A score of men and boys passed them in the opposite direction, going back to Appledore after attending the fortnightly manor court as witnesses, jurors and appellants. They gave curious and somewhat frightened looks at the party of armed strangers coming from their village, but apart from muttered acknowledgements and tugging at forelocks they trudged past as fast as they could.

‘That lot doesn’t look as if it could ambush a ship,’ muttered Gwyn. ‘Stealing a couple of pigs would be about their limit.’

By now they had returned to Bideford. The small town had half a dozen vessels grounded along its quayside and the rising tide was beginning to lift some of them off the muddy sand. Gwyn’s nautical eye scanned each intently for six sets of oar pins, but they all seemed innocent of such additions.

The town’s defences were an earthbank topped by an old wooden stockade, though the three gates had been rebuilt in stone. Richard de Grenville lived in a small castle, which was more a fortified manor house, but he was absent from his domains in Winchester, petitioning the Chancellor, Walter Longchamp, about some land dispute. His wife and family had gone with him, leaving his steward in charge, who had presided over the court that day. Now he pressed the coroner to food and drink and invited the party to stay overnight. While eating good bread and cheese and drinking some of de Grenville’s best wine in the castle hall, John broached the matter of piracy with him.

A burly man of about de Wolfe’s own age, with a black beard and moustache, the steward answered, ‘We suffered the loss of a vessel last year. Some say it sank after leaving here for Bude, but we never found any signs of the wreck.’

‘So why d’you think it was pirated?’ asked John.

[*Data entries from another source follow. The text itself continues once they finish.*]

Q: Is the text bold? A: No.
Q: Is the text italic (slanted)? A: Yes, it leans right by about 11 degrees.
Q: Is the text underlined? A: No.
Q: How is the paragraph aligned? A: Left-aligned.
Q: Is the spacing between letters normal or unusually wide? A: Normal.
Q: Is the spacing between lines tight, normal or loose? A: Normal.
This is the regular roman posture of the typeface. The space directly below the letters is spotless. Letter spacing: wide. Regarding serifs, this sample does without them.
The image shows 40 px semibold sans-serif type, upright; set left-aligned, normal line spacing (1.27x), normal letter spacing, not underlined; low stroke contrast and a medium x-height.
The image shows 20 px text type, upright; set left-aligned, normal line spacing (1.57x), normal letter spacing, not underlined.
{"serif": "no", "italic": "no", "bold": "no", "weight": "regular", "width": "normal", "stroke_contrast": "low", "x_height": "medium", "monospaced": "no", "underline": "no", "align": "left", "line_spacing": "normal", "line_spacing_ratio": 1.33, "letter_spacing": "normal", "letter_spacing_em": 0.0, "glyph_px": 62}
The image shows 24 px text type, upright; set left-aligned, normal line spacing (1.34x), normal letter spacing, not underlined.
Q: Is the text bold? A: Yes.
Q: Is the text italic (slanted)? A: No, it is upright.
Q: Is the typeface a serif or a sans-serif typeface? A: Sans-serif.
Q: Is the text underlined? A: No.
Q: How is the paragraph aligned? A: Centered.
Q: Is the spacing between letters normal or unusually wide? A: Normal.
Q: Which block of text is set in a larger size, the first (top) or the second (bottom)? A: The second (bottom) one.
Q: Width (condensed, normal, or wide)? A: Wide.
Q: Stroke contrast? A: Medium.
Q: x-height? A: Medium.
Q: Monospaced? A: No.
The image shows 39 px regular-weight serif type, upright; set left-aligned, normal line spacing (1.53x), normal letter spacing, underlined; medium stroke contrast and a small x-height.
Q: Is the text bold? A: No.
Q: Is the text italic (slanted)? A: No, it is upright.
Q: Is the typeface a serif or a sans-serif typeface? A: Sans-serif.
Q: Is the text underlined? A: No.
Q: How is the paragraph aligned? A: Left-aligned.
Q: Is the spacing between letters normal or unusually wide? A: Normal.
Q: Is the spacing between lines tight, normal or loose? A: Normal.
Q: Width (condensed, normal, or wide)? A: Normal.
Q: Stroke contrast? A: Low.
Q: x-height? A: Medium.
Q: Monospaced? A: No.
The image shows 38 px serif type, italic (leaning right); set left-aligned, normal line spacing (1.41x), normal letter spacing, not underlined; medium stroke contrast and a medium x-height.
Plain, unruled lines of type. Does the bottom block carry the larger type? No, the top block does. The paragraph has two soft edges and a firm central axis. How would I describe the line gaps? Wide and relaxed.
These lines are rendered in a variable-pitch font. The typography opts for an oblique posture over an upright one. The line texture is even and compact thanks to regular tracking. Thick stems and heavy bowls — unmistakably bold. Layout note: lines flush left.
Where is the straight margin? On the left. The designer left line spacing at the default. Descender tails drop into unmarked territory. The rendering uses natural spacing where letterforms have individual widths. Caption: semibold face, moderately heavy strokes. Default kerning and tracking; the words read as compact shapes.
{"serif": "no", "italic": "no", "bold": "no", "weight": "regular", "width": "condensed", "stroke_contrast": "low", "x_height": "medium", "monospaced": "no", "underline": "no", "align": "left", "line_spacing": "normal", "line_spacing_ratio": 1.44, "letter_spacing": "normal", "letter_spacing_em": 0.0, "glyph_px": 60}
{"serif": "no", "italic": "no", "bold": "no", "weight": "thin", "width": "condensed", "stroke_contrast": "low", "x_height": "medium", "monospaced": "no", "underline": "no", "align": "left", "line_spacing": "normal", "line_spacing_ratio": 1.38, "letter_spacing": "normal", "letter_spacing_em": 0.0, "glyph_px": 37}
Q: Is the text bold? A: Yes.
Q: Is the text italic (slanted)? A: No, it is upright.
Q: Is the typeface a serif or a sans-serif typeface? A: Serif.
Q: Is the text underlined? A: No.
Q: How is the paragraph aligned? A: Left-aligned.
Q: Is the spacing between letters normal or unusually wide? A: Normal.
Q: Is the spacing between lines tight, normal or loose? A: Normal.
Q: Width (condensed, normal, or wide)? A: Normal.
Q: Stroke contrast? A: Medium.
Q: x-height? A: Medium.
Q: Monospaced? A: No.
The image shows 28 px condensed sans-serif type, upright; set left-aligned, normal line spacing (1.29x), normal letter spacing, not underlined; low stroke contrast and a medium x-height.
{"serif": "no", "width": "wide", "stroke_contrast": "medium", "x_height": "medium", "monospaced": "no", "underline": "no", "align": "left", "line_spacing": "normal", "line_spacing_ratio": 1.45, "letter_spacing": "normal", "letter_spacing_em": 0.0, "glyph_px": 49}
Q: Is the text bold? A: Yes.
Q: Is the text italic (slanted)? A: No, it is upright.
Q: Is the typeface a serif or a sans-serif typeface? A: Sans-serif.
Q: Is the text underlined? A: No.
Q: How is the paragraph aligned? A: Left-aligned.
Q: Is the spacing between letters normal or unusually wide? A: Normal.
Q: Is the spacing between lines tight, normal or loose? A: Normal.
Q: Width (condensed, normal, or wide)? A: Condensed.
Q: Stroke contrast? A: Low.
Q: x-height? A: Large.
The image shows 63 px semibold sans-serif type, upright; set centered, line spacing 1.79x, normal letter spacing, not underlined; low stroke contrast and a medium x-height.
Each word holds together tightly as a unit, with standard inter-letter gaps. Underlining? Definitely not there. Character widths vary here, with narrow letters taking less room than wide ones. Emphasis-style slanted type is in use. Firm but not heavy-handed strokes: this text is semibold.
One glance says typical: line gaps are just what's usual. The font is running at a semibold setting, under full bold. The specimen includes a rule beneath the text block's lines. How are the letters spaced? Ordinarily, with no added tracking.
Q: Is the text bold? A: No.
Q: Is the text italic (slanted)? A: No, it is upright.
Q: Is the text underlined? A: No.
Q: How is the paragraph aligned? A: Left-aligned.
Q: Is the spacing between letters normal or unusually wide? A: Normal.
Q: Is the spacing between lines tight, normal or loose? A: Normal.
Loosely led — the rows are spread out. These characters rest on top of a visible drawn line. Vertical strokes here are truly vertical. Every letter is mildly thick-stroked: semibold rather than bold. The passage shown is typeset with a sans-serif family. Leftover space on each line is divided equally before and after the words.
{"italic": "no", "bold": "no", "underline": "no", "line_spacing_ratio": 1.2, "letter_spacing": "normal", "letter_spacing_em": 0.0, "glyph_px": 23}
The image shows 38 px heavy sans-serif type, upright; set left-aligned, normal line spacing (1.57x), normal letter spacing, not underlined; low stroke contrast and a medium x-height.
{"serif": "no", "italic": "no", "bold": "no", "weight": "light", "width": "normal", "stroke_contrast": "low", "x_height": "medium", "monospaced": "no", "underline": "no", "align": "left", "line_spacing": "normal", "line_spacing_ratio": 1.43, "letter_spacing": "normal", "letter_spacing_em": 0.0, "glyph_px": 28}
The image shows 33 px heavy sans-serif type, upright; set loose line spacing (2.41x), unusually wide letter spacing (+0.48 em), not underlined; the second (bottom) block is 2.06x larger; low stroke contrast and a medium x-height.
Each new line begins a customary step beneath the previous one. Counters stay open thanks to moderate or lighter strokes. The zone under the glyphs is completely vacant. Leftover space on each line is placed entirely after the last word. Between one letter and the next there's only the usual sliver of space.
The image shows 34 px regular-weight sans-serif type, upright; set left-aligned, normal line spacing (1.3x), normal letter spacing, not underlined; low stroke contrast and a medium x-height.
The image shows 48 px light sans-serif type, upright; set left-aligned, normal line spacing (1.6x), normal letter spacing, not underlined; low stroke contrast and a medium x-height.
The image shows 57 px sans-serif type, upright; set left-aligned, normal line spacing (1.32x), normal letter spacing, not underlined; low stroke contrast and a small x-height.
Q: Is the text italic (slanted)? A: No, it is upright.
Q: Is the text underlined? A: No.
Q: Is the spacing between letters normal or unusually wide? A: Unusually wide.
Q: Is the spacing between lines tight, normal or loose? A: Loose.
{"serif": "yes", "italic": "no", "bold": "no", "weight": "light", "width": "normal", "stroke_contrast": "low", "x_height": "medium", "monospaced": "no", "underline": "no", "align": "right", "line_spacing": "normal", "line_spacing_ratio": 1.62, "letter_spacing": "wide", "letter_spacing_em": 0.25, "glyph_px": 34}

‘One dead body was washed up on Braunton Sands a fortnight later. He had wounds that I’m sure were from an axe or cleaver. Some said they were due to being pounded on rocks by the waves, but there are no rocks where he was found. And I say the injuries were from a sharp-edged weapon.’

‘That was before you had a coroner to look into it,’ said de Wolfe. ‘Almost the same thing has happened near Ilfracombe and we need to find who’s responsible – then hang them!’ He told the steward bluntly, that Appledore had been under suspicion, but this raised a laugh rather than indignation. ‘Those dolts couldn’t capture a coracle full of nuns, let alone a merchant vessel! It’s a wonder they can find the sea with their fishing boats, they’re that stupid. It’s the in-breeding, you see, in a place so small and remote.’

As half the hamlets in England were equally small and remote, de Wolfe wondered why the steward had such contempt for this particular village, but before he could pursue it, de Grenville’s henchman went back to piracy. ‘Don’t waste your time looking at places like Appledore, Crowner. I know damn fine who took our vessel – and I’m sure the same goes for the one at Ilfracombe.’ He paused for effect, his dark eyes staring into de Wolfe’s. ‘De Marisco, he’s the man you want. Not that you can ever get near him, stuck out there on his rock of Lundy. He thinks he’s not part of England – nor does he take any notice of its laws. His men are a bunch of bloody brigands and pirates. You need look no further than them.’

His air of conviction was impressive and de Wolfe began to think that he was probably right.